AFSCME 2007 Proxy Season Review

Season Overview

The AFSCME Employees Pension Plan's (“the Plan”) 2007 shareholder activity was a continuation of our program from previous years.  Shareholder democracy and CEO pay remained the central themes for shareholder proposals.  The Plan’s proposals are intended to address and promote the goals of director accountability and aligning the interests of management with those of shareholders in an effort to improve corporate performance.   The Plan filed 29 shareholder proposals for the first half of the 2007 proxy season.  Through dialogues with companies, eight of the proposals were settled and withdrawn.  Binding majority voting proposals were most successful at producing settlements, as four companies agreed to amend their bylaws to allow for majority voting rather than place the matter to vote.  As to the other settled proposals, SunTrust Banks agreed to place and support a bylaw amendment to declassify its board and Bristol Myers and Tyco agreed to join a working group of institutional investors and companies to study the concept of the an advisory vote on executive compensation (“Say on Pay”) and how it might be implemented in the U.S. market.   Of 20 proposals that came to a vote, three received outright majorities.  Second-year proposals asking for a “Say on Pay” did quite well, averaging nearly 42 percent and receiving a majority vote at Ingersoll Rand. The other two majority votes were for board declassification proposals at Hess and Limited Brands.

Advisory Votes on Executive Pay

In 2006, the Plan imported the U.K. advisory vote model by filing “Say on Pay” shareholder proposals at seven companies, seeking to test the concept with institutional investors and the reaction of board compensation committees.  The proposals averaged more than 41 percent support from shareholders   In 2007, the second year proposal to give shareholders an up or down vote on executive compensation continued its strong momentum among investors. The issue became the signature, hot-button shareholder initiative of this proxy season, coming to a shareholder vote at more than 40 companies. In April 2007, the House of Representatives approved a bill  that would give shareholders an annual advisory vote on executive pay, and a similar bil has been introduced in the Senate.   Morgan Stanley (4/10) – 39.2% (of votes for and against)   Bank of New York (4/10) – 44.8%   Citigroup (4/17) – 46.2%   US Bancorp (4/17) – 42.9%   Wachovia (4/17) – 38.7%   Merrill Lynch (4/27) – 45.6%   Qwest Communications – 23.0%   Ingersoll Rand (6/6) – 56.7% Countrywide Financial (6/14) – 34.7% Bristol-Myers Squibb and Tyco – proposals withdrawn; both companies agreed to join a working group of institutional investors and companies to study the concept of the an advisory vote on executive compensation   Affiliated Computer Services (6/7) – 25.6% (note: Chairman Deason controls 41.6% of the company’s voting power; if Deason's voting block is removed from the results, 52% of unaffiliated shareholders for Say on Pay.)

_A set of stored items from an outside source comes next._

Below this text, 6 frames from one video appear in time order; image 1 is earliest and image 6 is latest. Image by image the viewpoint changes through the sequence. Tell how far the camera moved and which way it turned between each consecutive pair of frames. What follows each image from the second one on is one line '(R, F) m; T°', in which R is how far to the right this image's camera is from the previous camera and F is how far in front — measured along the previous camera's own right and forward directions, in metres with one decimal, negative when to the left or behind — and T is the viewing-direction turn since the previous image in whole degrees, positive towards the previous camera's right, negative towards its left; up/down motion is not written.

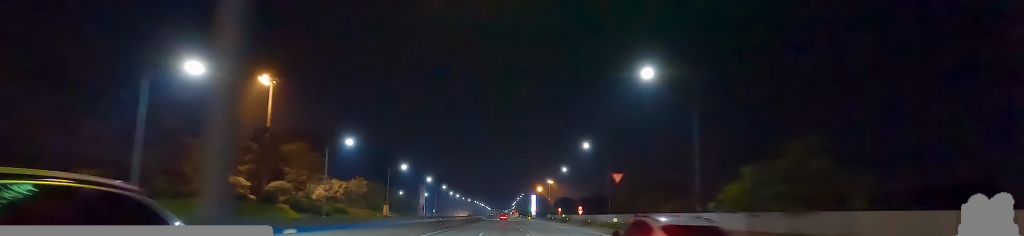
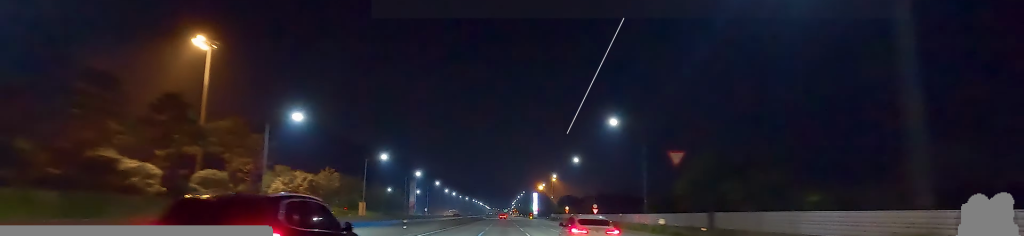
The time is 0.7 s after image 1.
(0.0, +20.5) m; 0°
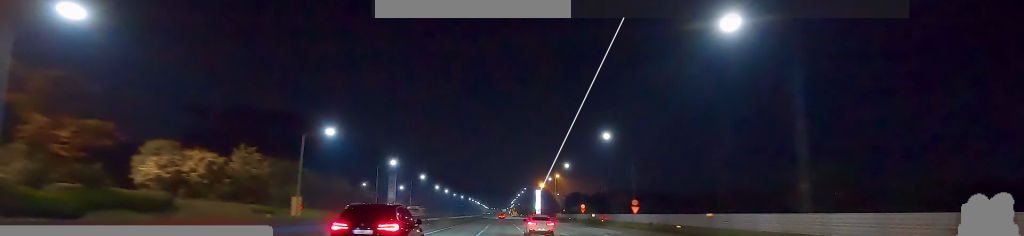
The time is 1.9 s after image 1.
(-0.1, +31.9) m; -1°
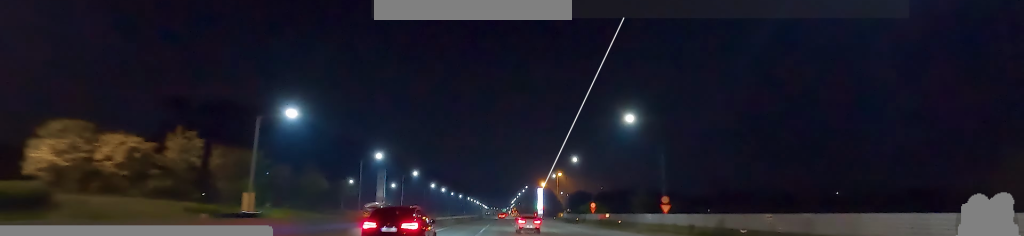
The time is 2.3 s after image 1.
(+0.1, +13.2) m; -1°
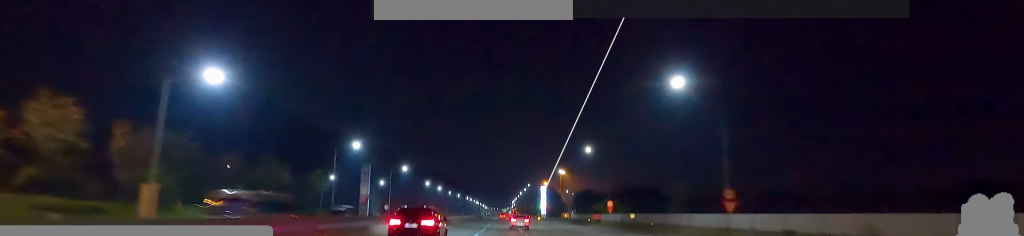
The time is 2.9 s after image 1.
(-0.4, +16.1) m; 0°
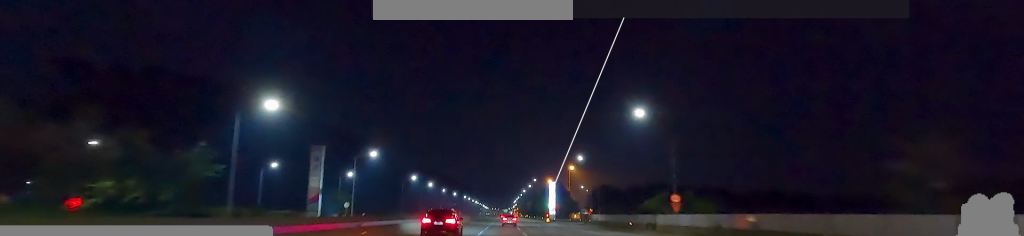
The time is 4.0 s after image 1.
(0.0, +32.2) m; +2°

Vote No at Affiliated Computer Services (ACS)

Additionally, the Plan also launched a campaign to withhold votes from four of the eight directors serving on ACS’s board because of backdating  and issues related to excessive pay for executive officers. Directors Darwin Deason, Frank Rossi, J. Livingston Kosberg and Joseph O’Neill served on the Compensation Committee during the period when backdating occurred, and Kosberg and O’Neill were also targeted for awarding excessive contracts and perquisites and making compensation decisions without regard to performance.  Several days after the shareholder meeting, the ACS board announced a waiver agreement with Chairman Darwin Deason and Cerberus Capital to suspend their exclusive rights to negotiate a deal with the company to take it private and that the board would seek takeover proposals that would compete with the current deal.   All eight ACS directors received about 30% opposition at the annual meeting. However, when Deason's voting block is removed from the results, approximately 56% of unaffiliated shareholders voted against each of the directors.

Proxy Access

The Plan won its appeal on proxy access in a landmark ruling in AFSCME v. AIG in the Second Circuit Court of Appeals.  Proxy access is designed to give shareholders a meaningful voice in board elections by opening up the director nominating process. The ruling has forced the SEC to move to issue proposed proxy rule changes in an effort to have final rules in place before the 2008 U.S. proxy season.   Hewlett Packard (3/14) – 43.0 percent. Other filers were the New York State Common Retirement Fund, the Connecticut Retirement Plans and Trust Funds and the North Carolina Retirement Systems.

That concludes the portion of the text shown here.